Is Blockchain the saviour of the sharing economy?

Rayy Global
RayyGlobal
Published in
4 min readOct 15, 2018

The millennials have a new way of doing everything. Simple things like work, employment and ownership are being redefined and the lines separating them are being blurred now. With digitization becoming more normal, sharing online have become easier leading to a societal shift. This and the rising cost of living gave way to the millennials coming up with a fresh perspective for doing business, dubbed the sharing economy.

Consider the example of Airbnb, the online property rental site. Ever since it was introduced, hotels are not the only option to stay at. People can now stay in a spare bedroom in some stranger’s house or camp out on someone’s sofa. And since 2008, the company, which transformed travel has rented out properties over 300 million times. And 11 million+ people across the world have booked and stayed in rooms and apartments belonging to some stranger.

The sharing economy is one of the fastest growing segments of the business world.

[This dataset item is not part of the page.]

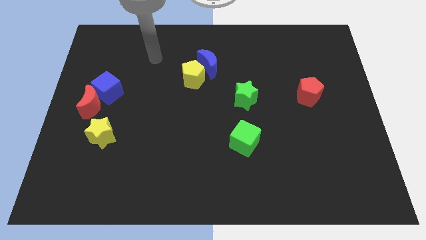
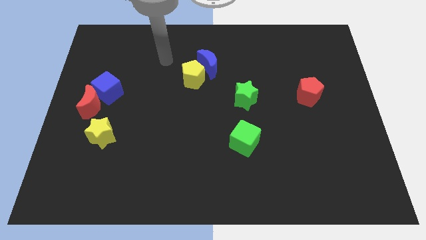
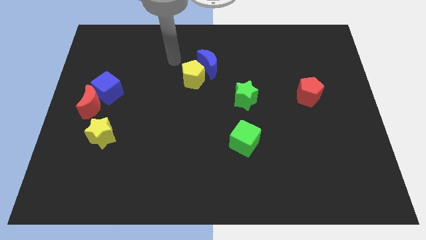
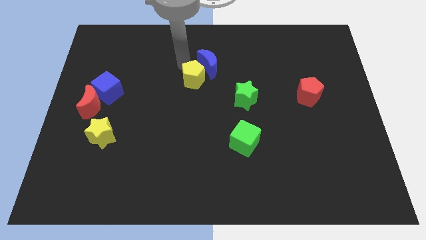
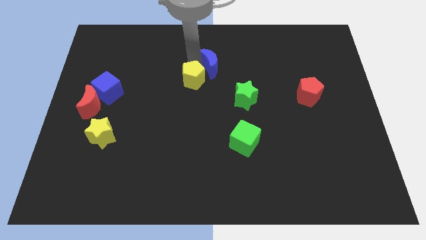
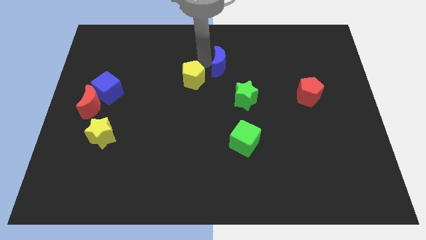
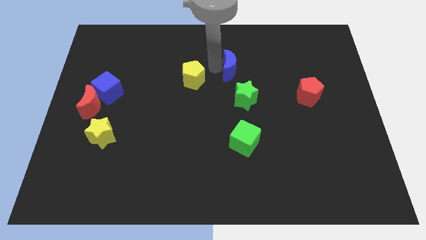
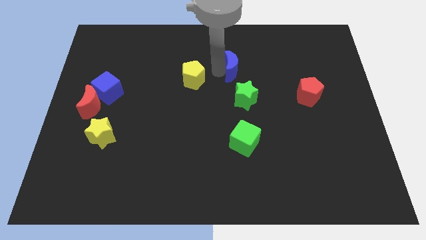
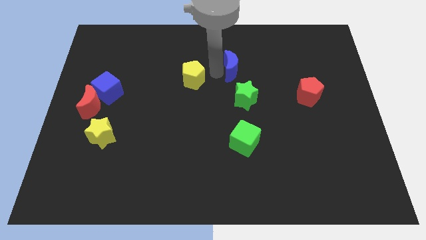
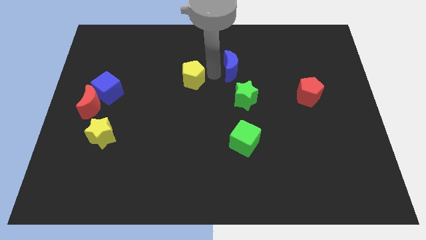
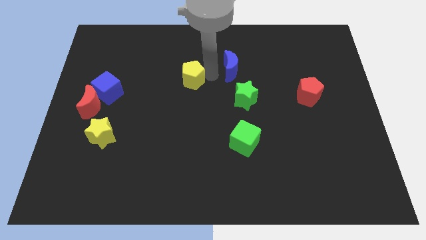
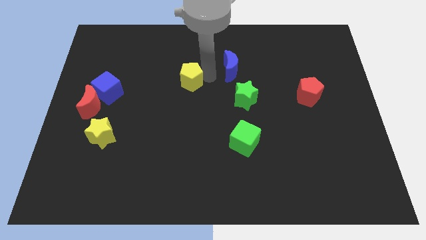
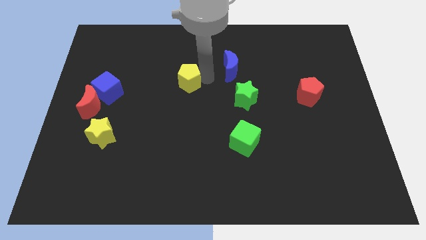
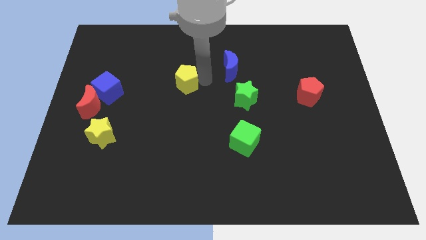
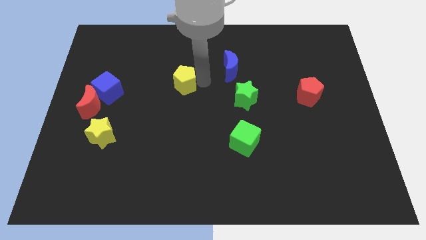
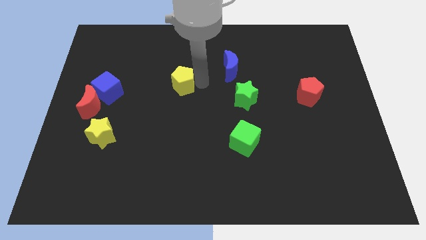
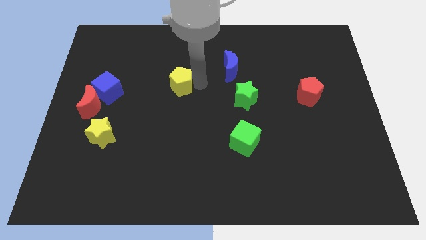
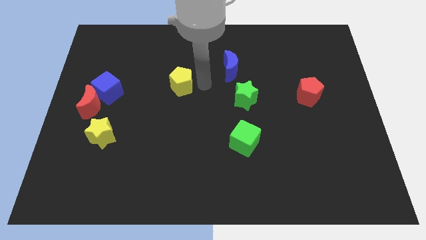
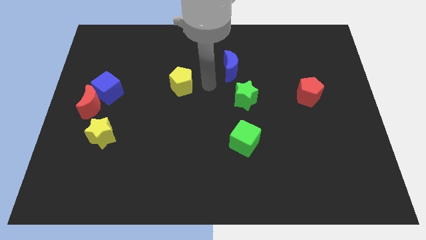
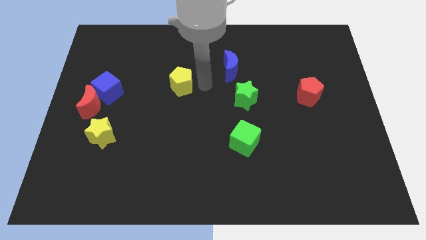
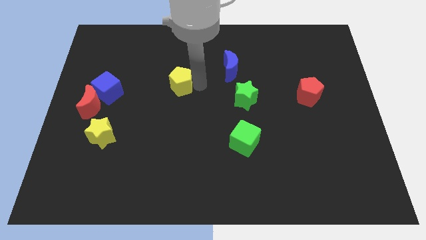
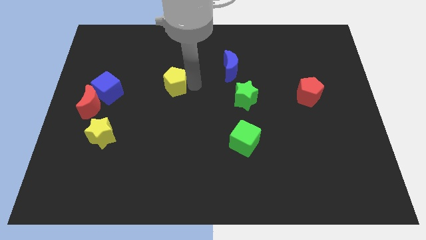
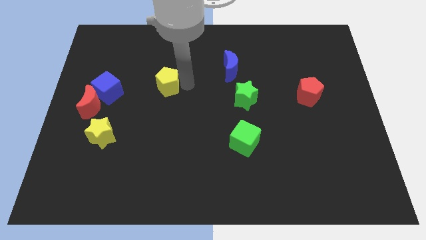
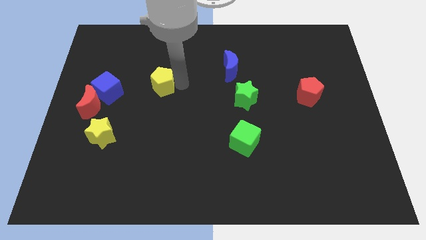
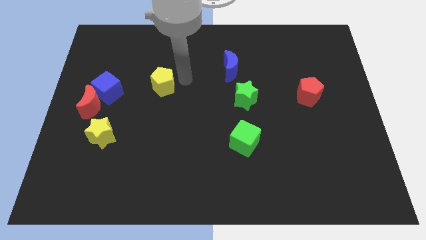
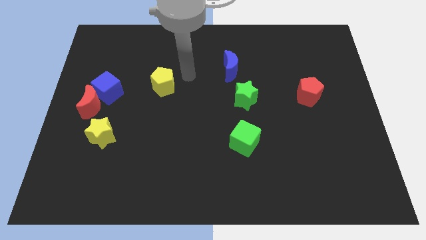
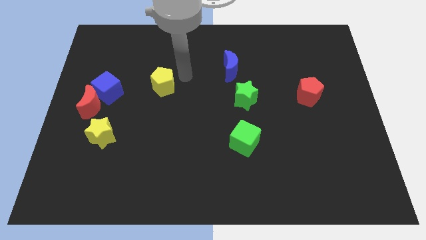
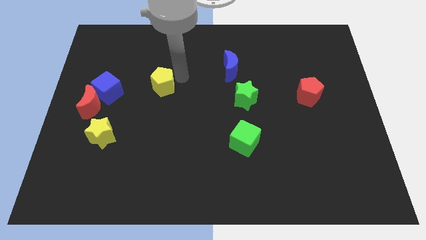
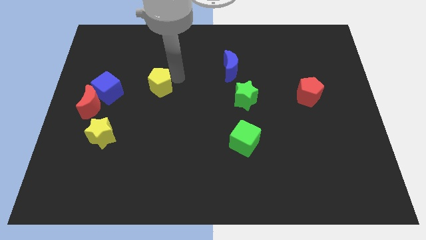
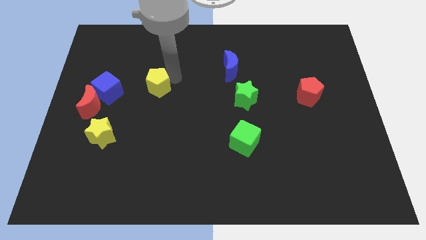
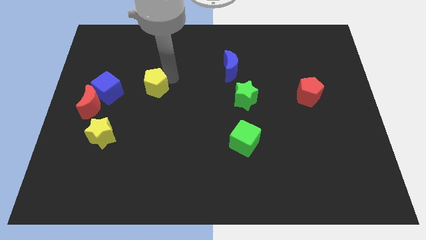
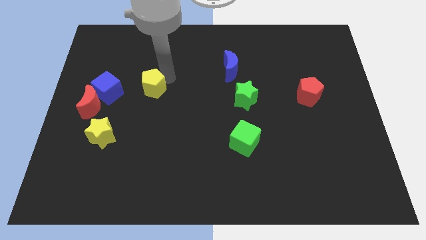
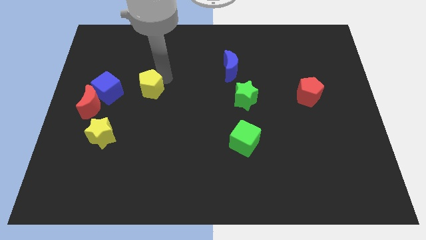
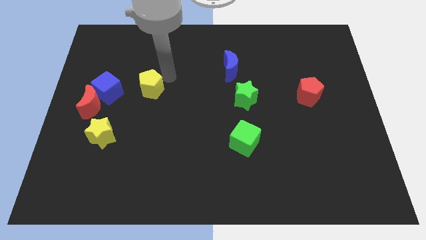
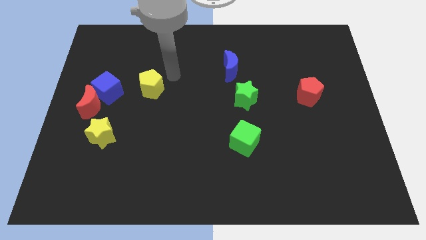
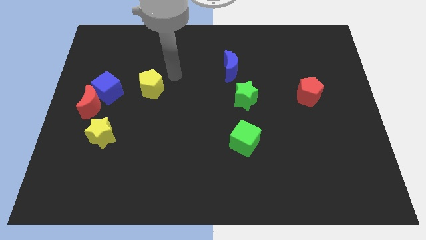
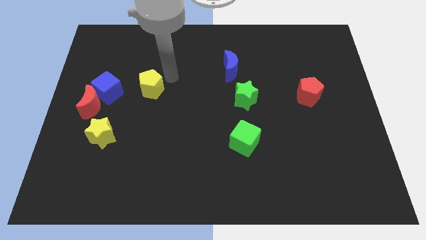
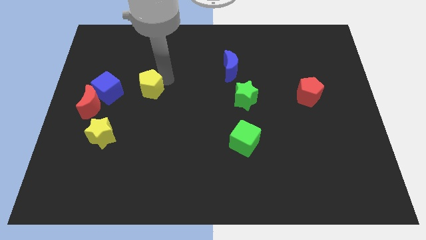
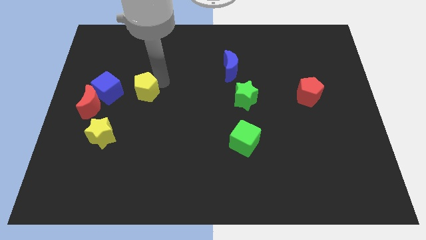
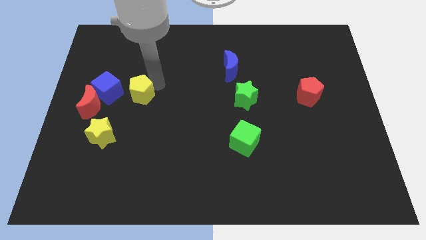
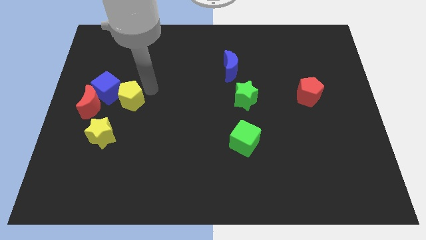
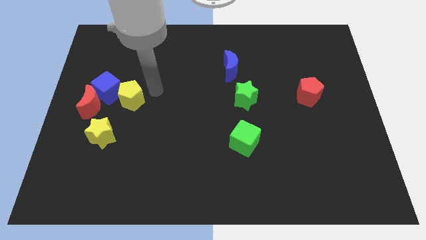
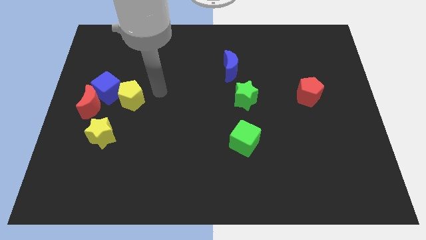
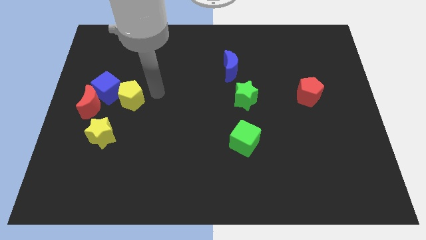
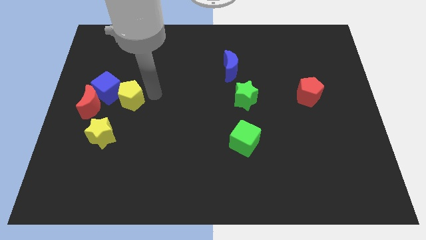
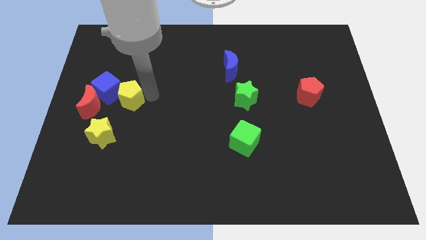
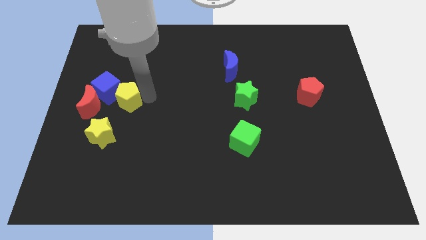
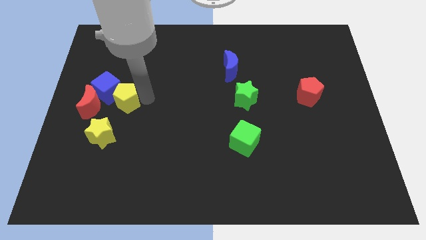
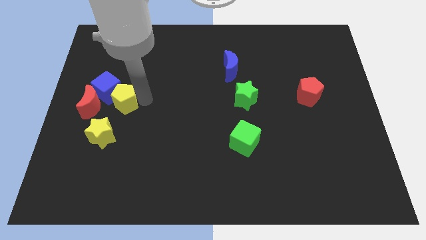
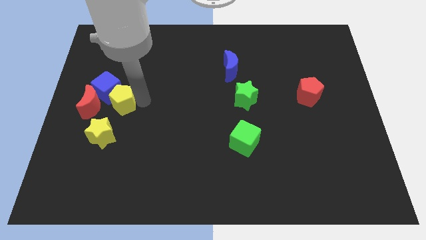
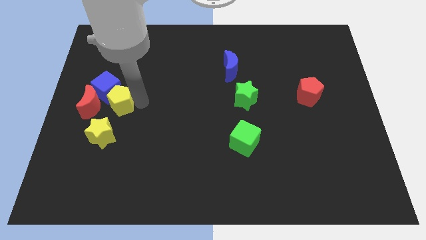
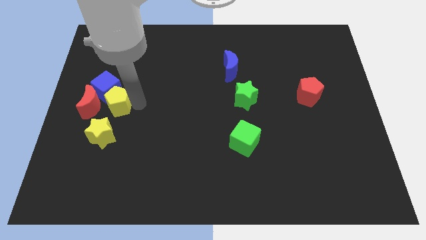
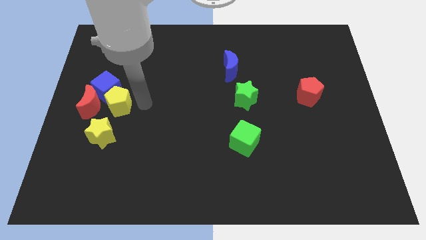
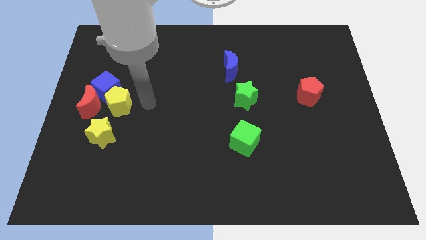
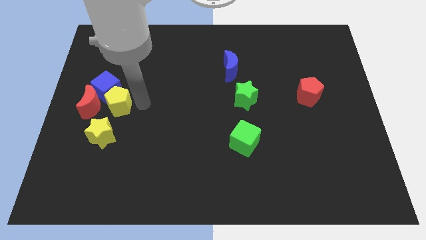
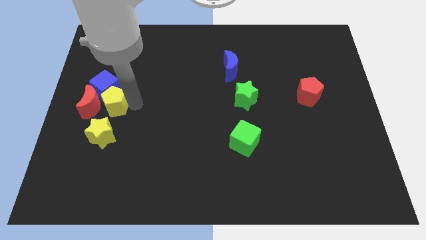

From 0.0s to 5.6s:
slide the yellow pentagon next to the red moon

A report by PWC projects a significant rise in revenues in the shared economy.

Source: Consumer Intelligence Series — The sharing economy

The lure of money is a great one! So, when it comes to making some extra money or saving your own money, everyone jumps at the chance. The millennials are no different, in fact, they go a step further and will share or rent out anything and everything. Millennials are more trusting and willing to do business with an online entity when compared to older generations. Things like efficiency, immediacy, transparency, practicality, connection, sustainability and control mean a lot more to millennials than ownership.

Take for example Rent the Runway, you can now rent the coveted yet outrageously priced designer outfit for a special occasion without burning the bank! This online platform allows people to get their own designer outfit for a while at a fraction of the price of buying one. Another example is Neighborgoods, a site which allows people to borrow anything from gardening tools to kitchen appliances from your neighbours.

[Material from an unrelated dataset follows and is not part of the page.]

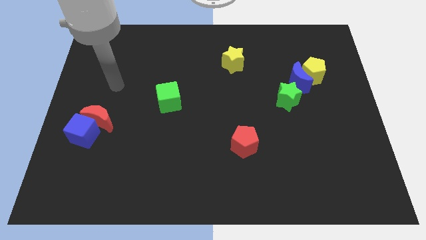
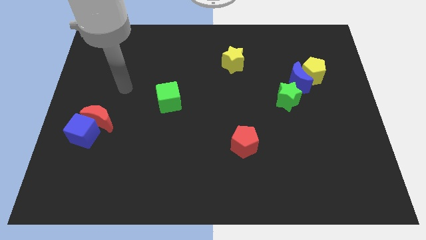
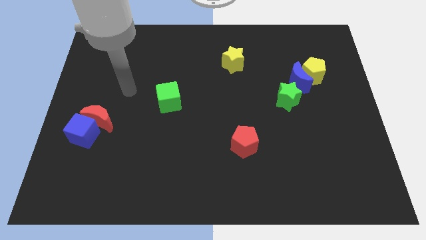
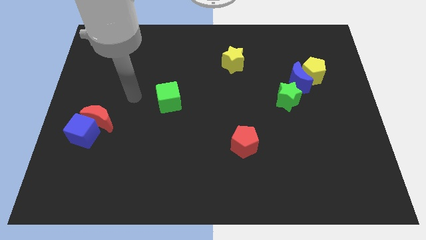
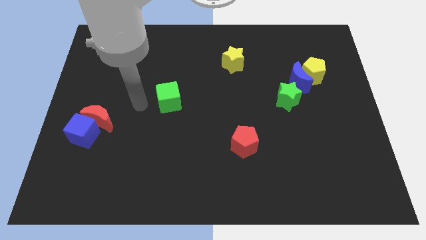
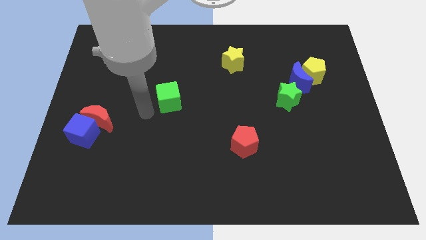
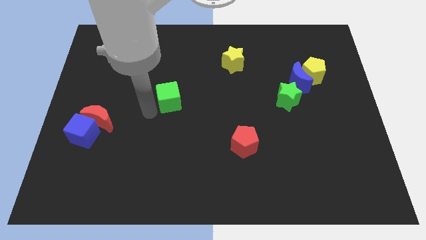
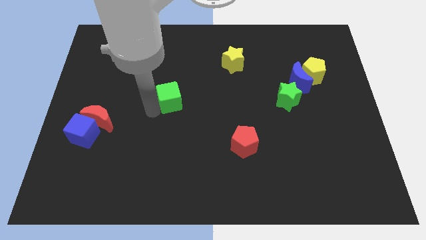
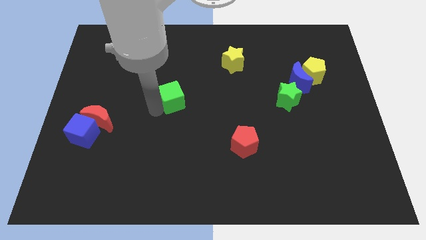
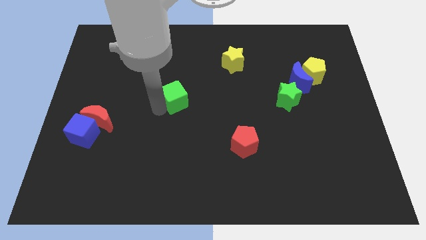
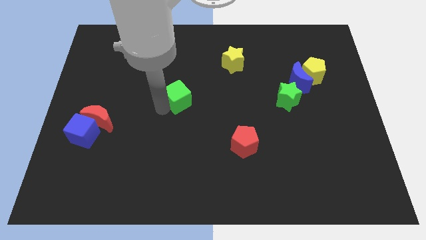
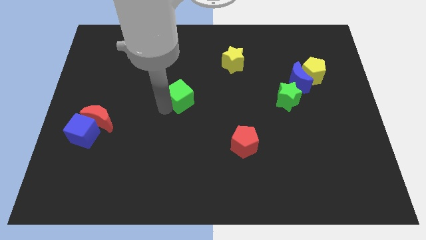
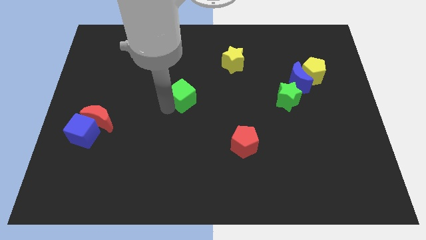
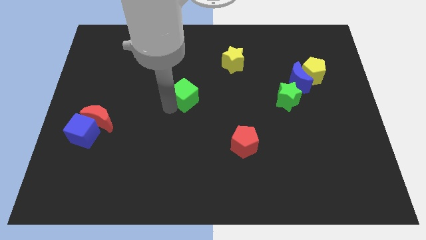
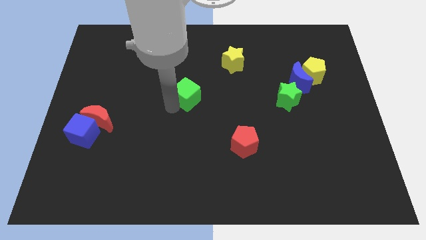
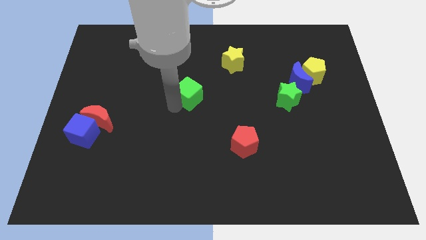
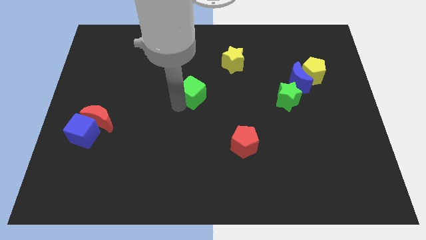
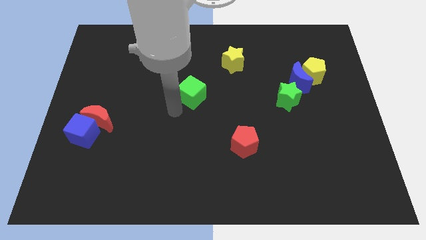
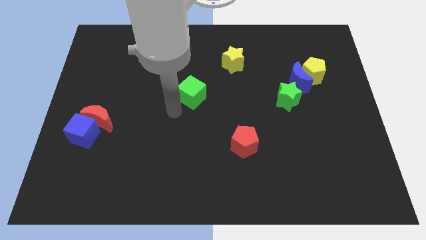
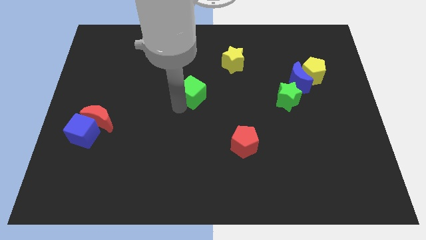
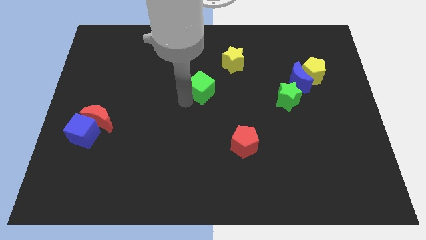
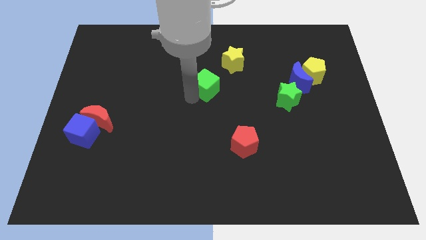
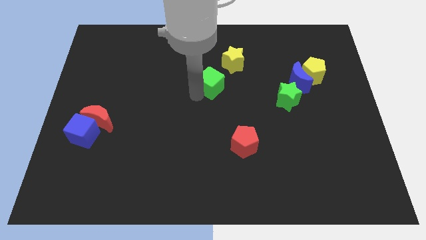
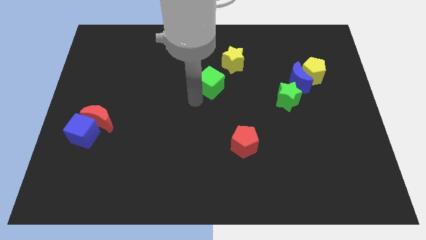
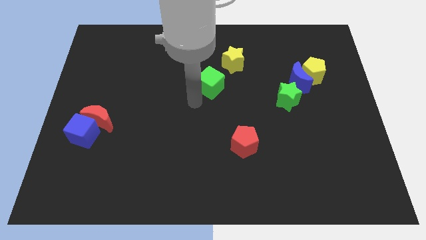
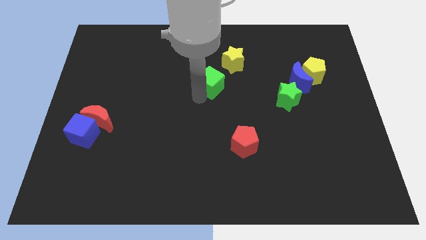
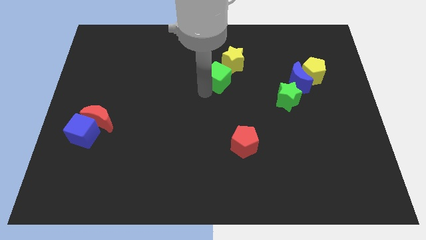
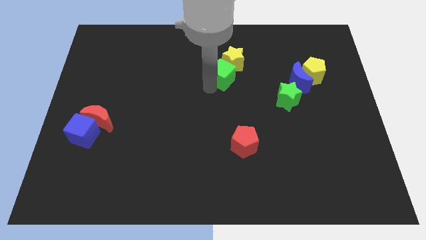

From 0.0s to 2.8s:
put the green cube close to the yellow star

Businesses which have adopted the sharing economy grant the millennials the ability to fulfil their needs in an inexpensive fashion. These platforms give millennials the choice of either being a provider or receiver. So, the consumer can both rent out a product they own or hire a product that someone else owns. This extracting value from things already owned by someone lowers costs as well as wastage of resources.

But, the issues in the traditional sharing economy space have become roadblocks and navigating in the global marketplace has become increasingly difficult. The lack of trust, transparency, the astronomical service and transaction charges leave the consumer feeling that they are losing value. Thus, stunting the growth of the sector.

The millennials aren’t just looking at affordability and sustainability, trust and transparency also play a pivotal role when they do business. And this is exactly what the traditional sharing economy platforms lack. To combat these weaknesses, several start-ups are redefining the sharing economy sector by turning to Blockchain Technology.

Blockchain-based platforms

So, is Blockchain the saviour that will iron out the wrinkles and revolutionize how we share goods and services?

One of the most important aspects of the sharing economy is trust. After all, these are platforms which require the user to enter their personal information, their banking details etc. Sharing platforms also require its users to strangers with their assets. So how can you really trust this faceless identity with your private data and money and expect them not to abuse it? Blockchain Technology can play a pivotal role here.

Blockchains are a form of distributed ledger, which is fully transparent. It allows for all kinds of transactions to occur between the transacting parties. Transactions that are recorded on the Blockchain are immutable. While multiple parties can input data into the Blockchain, the data on the ledger can be appended only if there is a consensus among the group.

So, in the case of a review system, a review once stored in the Blockchain cannot be changed. This adds an additional layer of security and will help in fostering trust and transparency in the sharing economy sector. So, all this and more ensures that true peer-to-peer transactions are enabled on a Blockchain driven sharing economy platform!

Both Blockchain and the sharing economy are still in the nascent phase. With more use cases being explored, their capabilities are being discovered every day. While Blockchain Technology is on the lookout to exercise its full potential, the sharing economy is on the lookout for better technology to improve. So, it appears that both these fields can realise their full potential in collaboration with each other. This particular match could definitely prove to be one made in heaven!